Give back the data below word for word. Any image in it should be left out.

---------- Data excerpts

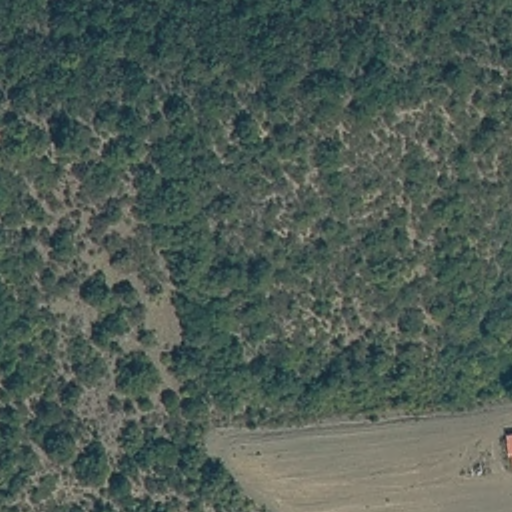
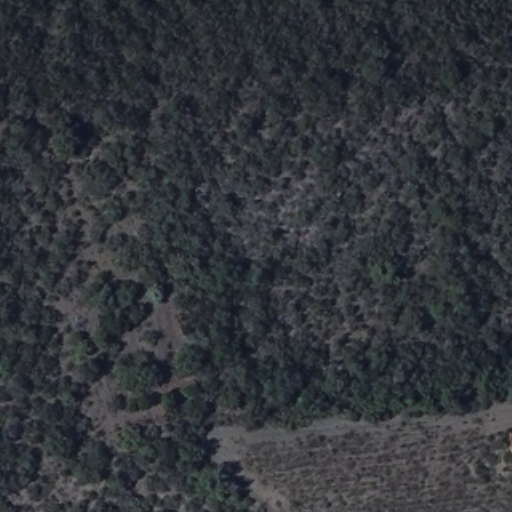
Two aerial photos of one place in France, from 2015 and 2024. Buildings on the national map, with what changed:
unchanged [(512,430),(512,454),(509,430),(512,430)]

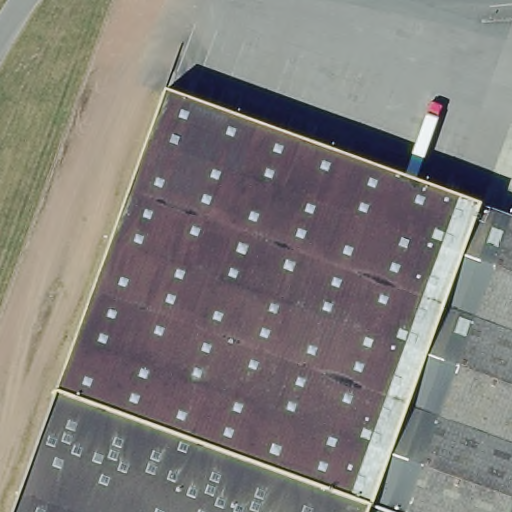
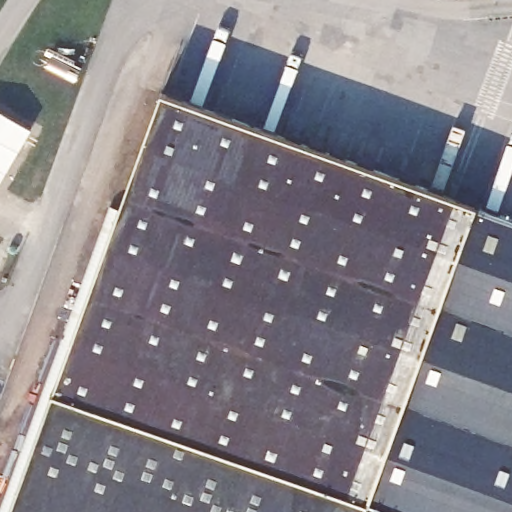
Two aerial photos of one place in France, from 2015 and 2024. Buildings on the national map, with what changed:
unchanged [(53,388),(162,88),(457,195),(461,185),(479,191),(476,200),(512,213),(512,512),(7,512),(52,388),(53,388)]
new [(0,184),(0,111),(32,130),(0,184)]

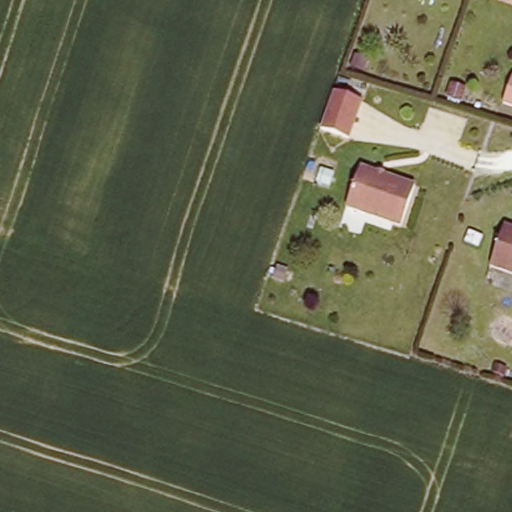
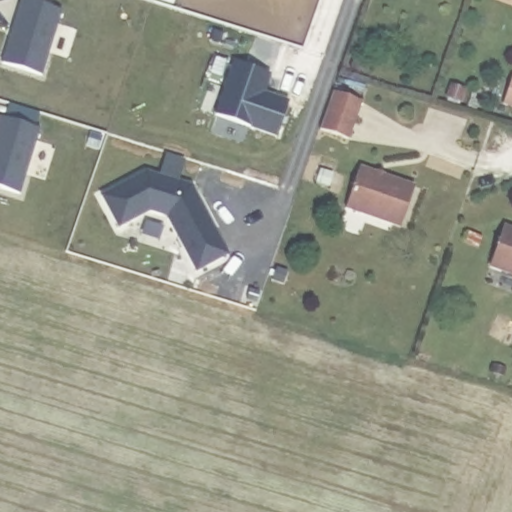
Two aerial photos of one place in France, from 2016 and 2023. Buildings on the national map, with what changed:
new [(22,0),(26,0),(62,11),(43,75),(3,62),(22,0)]
new [(215,114),(234,61),(270,72),(265,92),(289,100),(277,136),(215,114)]
unchanged [(332,91),(362,100),(349,140),(320,129),(332,91)]
new [(40,130),(20,193),(0,187),(0,118),(40,130)]
new [(167,216),(150,211),(119,228),(102,194),(147,171),(192,185),(228,253),(195,272),(167,216)]
unchanged [(367,173),(421,193),(407,232),(352,212),(367,173)]
unchanged [(512,230),(512,273),(497,268),(512,230)]
new [(251,290),(260,293),(257,303),(247,299),(251,290)]

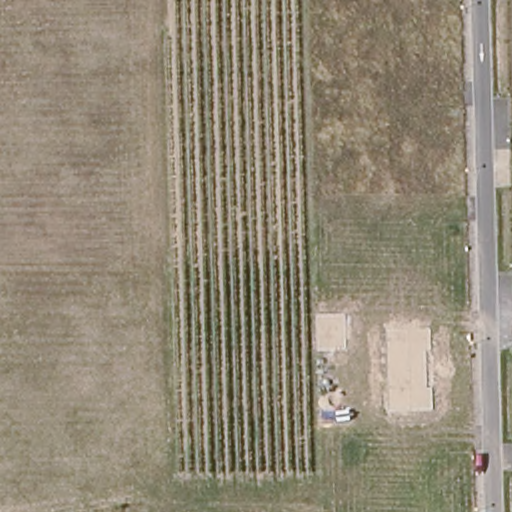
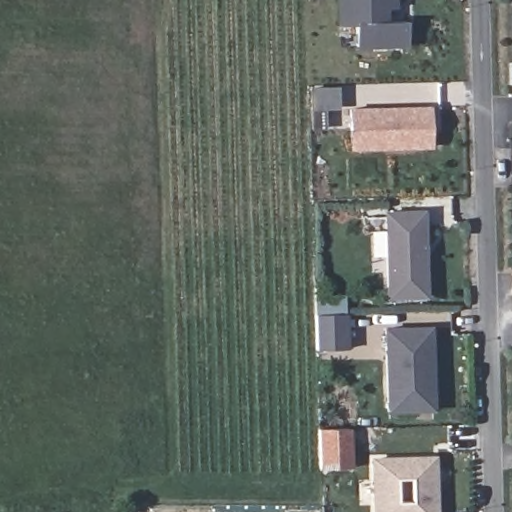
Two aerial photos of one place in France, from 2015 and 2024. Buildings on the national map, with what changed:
new [(386,11),(386,22),(407,21),(408,46),(357,48),(356,27),(339,28),(338,0),(394,0),(395,10),(386,11)]
new [(431,146),(351,148),(352,108),(430,106),(431,146)]
new [(427,298),(387,299),(385,210),(425,210),(427,298)]
unchanged [(345,349),(317,349),(317,314),(344,314),(345,349)]
unchanged [(427,350),(427,387),(432,387),(433,410),(388,412),(387,329),(431,328),(431,350),(427,350)]
new [(318,428),(351,428),(352,468),(320,468),(318,428)]
new [(370,456),(437,454),(438,512),(372,512),(370,456)]

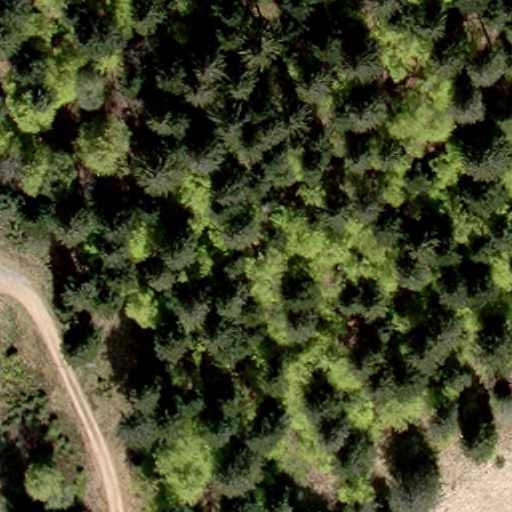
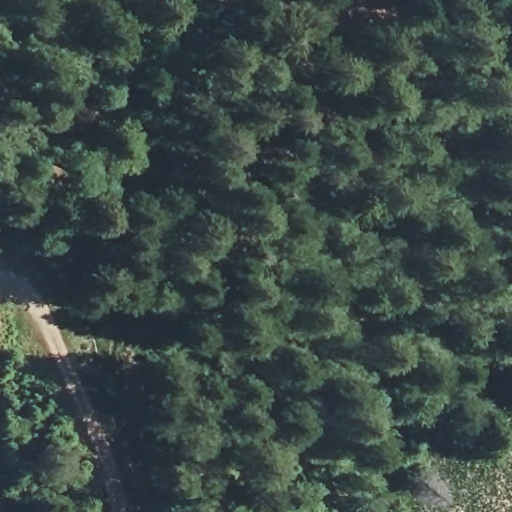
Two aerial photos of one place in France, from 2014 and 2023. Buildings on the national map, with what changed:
[]

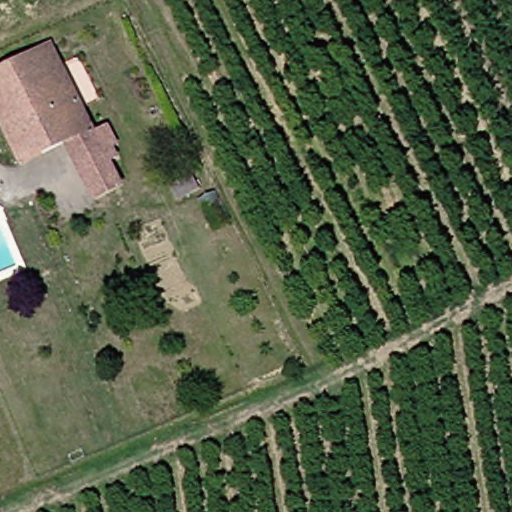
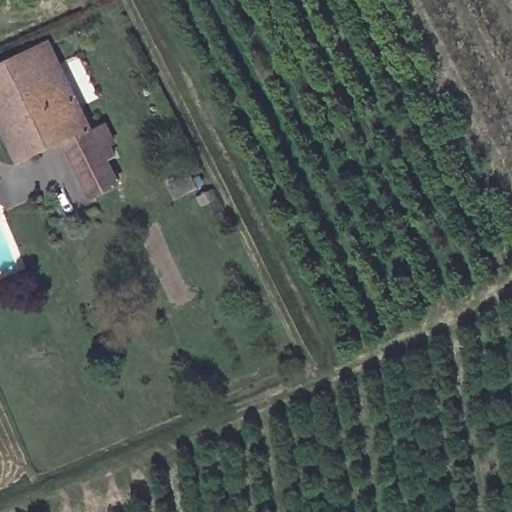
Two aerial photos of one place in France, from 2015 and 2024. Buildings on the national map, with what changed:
unchanged [(60,148),(47,125),(5,147),(0,138),(0,59),(42,40),(97,150),(69,165),(60,148)]
unchanged [(16,169),(5,147),(47,125),(60,148),(16,169)]
unchanged [(97,150),(104,147),(112,164),(107,167),(117,187),(87,202),(69,165),(97,150)]

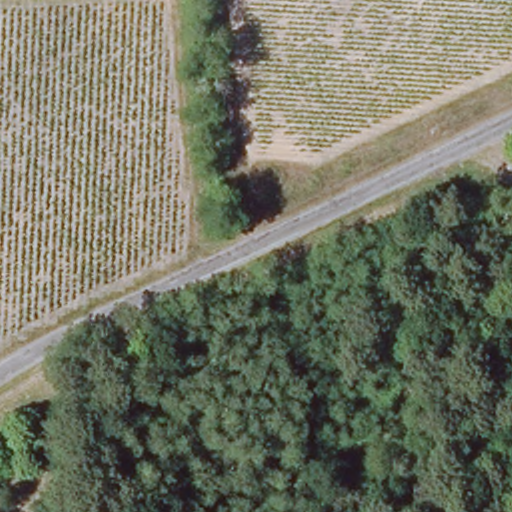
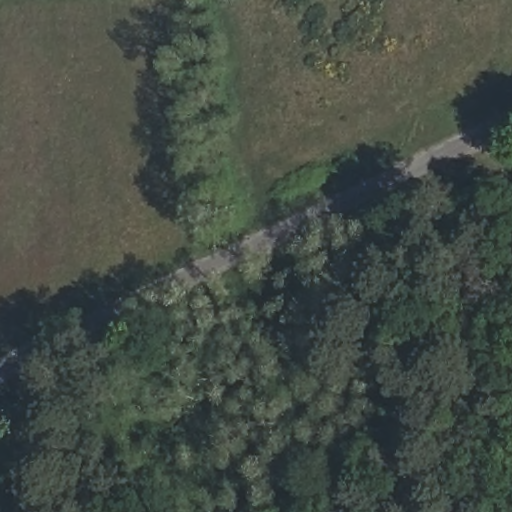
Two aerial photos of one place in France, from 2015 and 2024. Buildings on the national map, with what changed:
[]

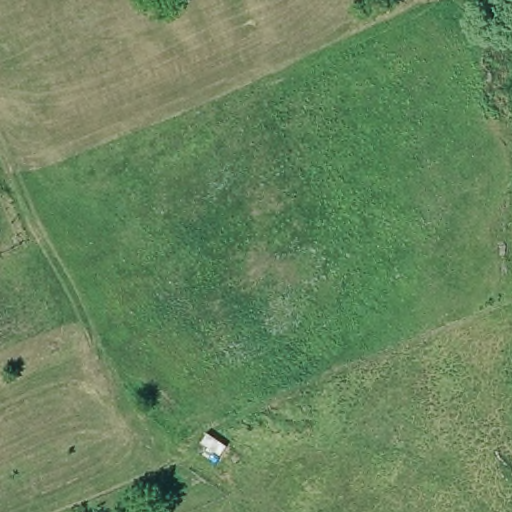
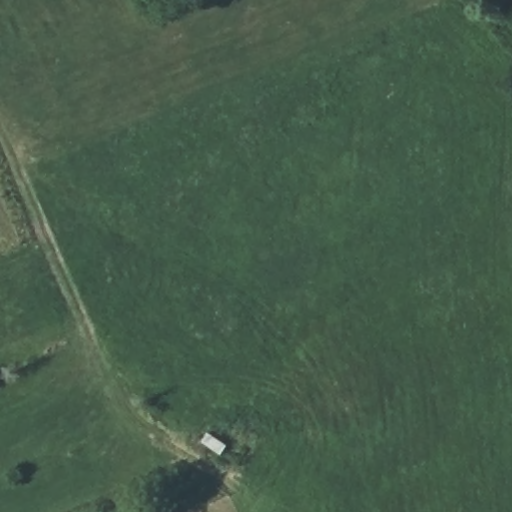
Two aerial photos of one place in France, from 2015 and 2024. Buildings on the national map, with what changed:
[]

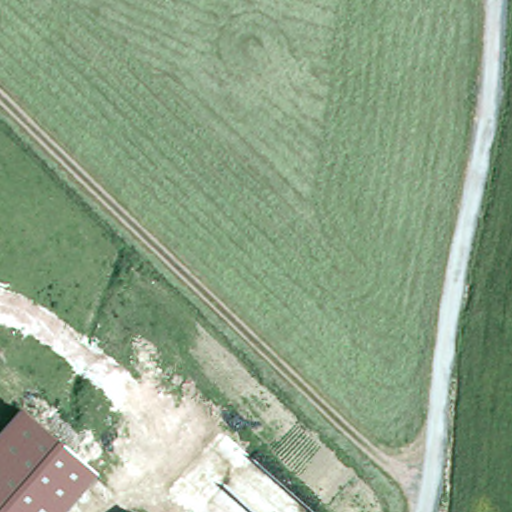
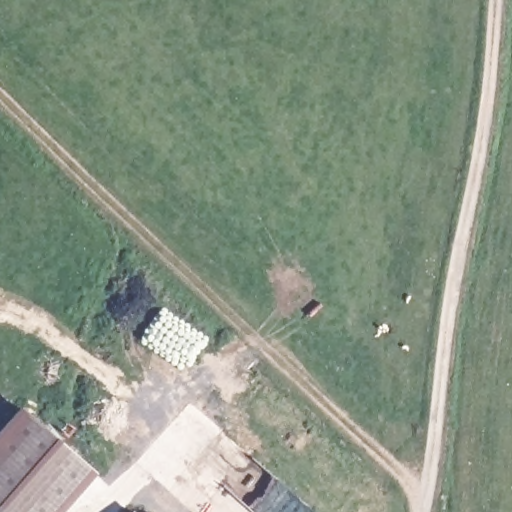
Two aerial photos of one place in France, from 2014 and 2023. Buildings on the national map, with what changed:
unchanged [(64,512),(0,512),(0,429),(21,404),(98,472),(64,512)]

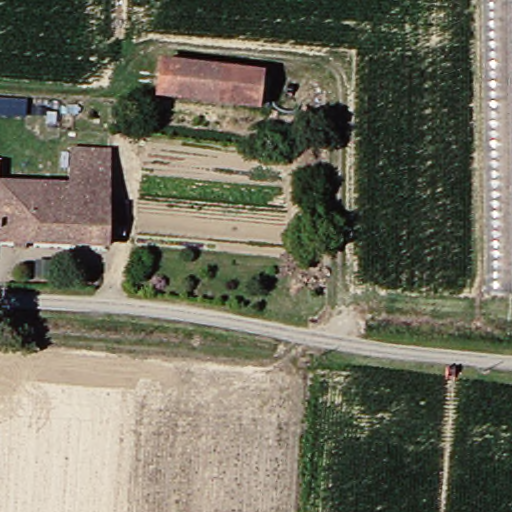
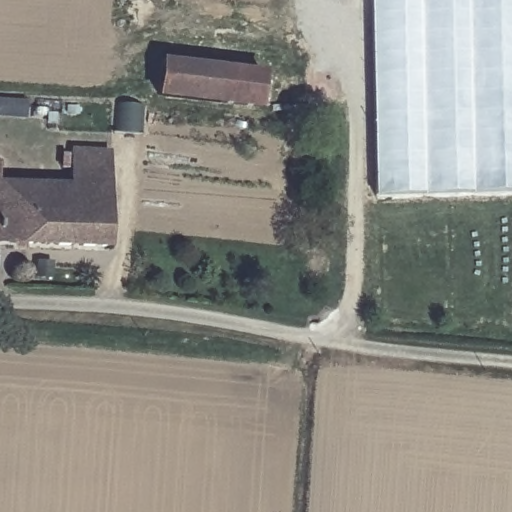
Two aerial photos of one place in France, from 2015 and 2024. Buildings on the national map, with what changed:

--------------------

Your response ::
Two aerial photos of one place in France, from 2015 and 2024. Buildings on the national map, with what changed:
unchanged [(512,430),(512,454),(509,430),(512,430)]

Two aerial photos of one place in France, from 2015 and 2024. Buildings on the national map, with what changed:
unchanged [(53,388),(162,88),(457,195),(461,185),(479,191),(476,200),(512,213),(512,512),(7,512),(52,388),(53,388)]
new [(0,184),(0,111),(32,130),(0,184)]

Two aerial photos of one place in France, from 2016 and 2023. Buildings on the national map, with what changed:
new [(22,0),(26,0),(62,11),(43,75),(3,62),(22,0)]
new [(215,114),(234,61),(270,72),(265,92),(289,100),(277,136),(215,114)]
unchanged [(332,91),(362,100),(349,140),(320,129),(332,91)]
new [(40,130),(20,193),(0,187),(0,118),(40,130)]
new [(167,216),(150,211),(119,228),(102,194),(147,171),(192,185),(228,253),(195,272),(167,216)]
unchanged [(367,173),(421,193),(407,232),(352,212),(367,173)]
unchanged [(512,230),(512,273),(497,268),(512,230)]
new [(251,290),(260,293),(257,303),(247,299),(251,290)]

Two aerial photos of one place in France, from 2015 and 2024. Buildings on the national map, with what changed:
new [(386,11),(386,22),(407,21),(408,46),(357,48),(356,27),(339,28),(338,0),(394,0),(395,10),(386,11)]
new [(431,146),(351,148),(352,108),(430,106),(431,146)]
new [(427,298),(387,299),(385,210),(425,210),(427,298)]
unchanged [(345,349),(317,349),(317,314),(344,314),(345,349)]
unchanged [(427,350),(427,387),(432,387),(433,410),(388,412),(387,329),(431,328),(431,350),(427,350)]
new [(318,428),(351,428),(352,468),(320,468),(318,428)]
new [(370,456),(437,454),(438,512),(372,512),(370,456)]

Two aerial photos of one place in France, from 2014 and 2023. Buildings on the national map, with what changed:
[]

Two aerial photos of one place in France, from 2015 and 2024. Buildings on the national map, with what changed:
unchanged [(60,148),(47,125),(5,147),(0,138),(0,59),(42,40),(97,150),(69,165),(60,148)]
unchanged [(16,169),(5,147),(47,125),(60,148),(16,169)]
unchanged [(97,150),(104,147),(112,164),(107,167),(117,187),(87,202),(69,165),(97,150)]

Two aerial photos of one place in France, from 2015 and 2024. Buildings on the national map, with what changed:
[]

Two aerial photos of one place in France, from 2015 and 2024. Buildings on the national map, with what changed:
[]

Two aerial photos of one place in France, from 2014 and 2023. Buildings on the national map, with what changed:
unchanged [(64,512),(0,512),(0,429),(21,404),(98,472),(64,512)]

Two aerial photos of one place in France, from 2015 and 2024. Buildings on the national map, with what changed:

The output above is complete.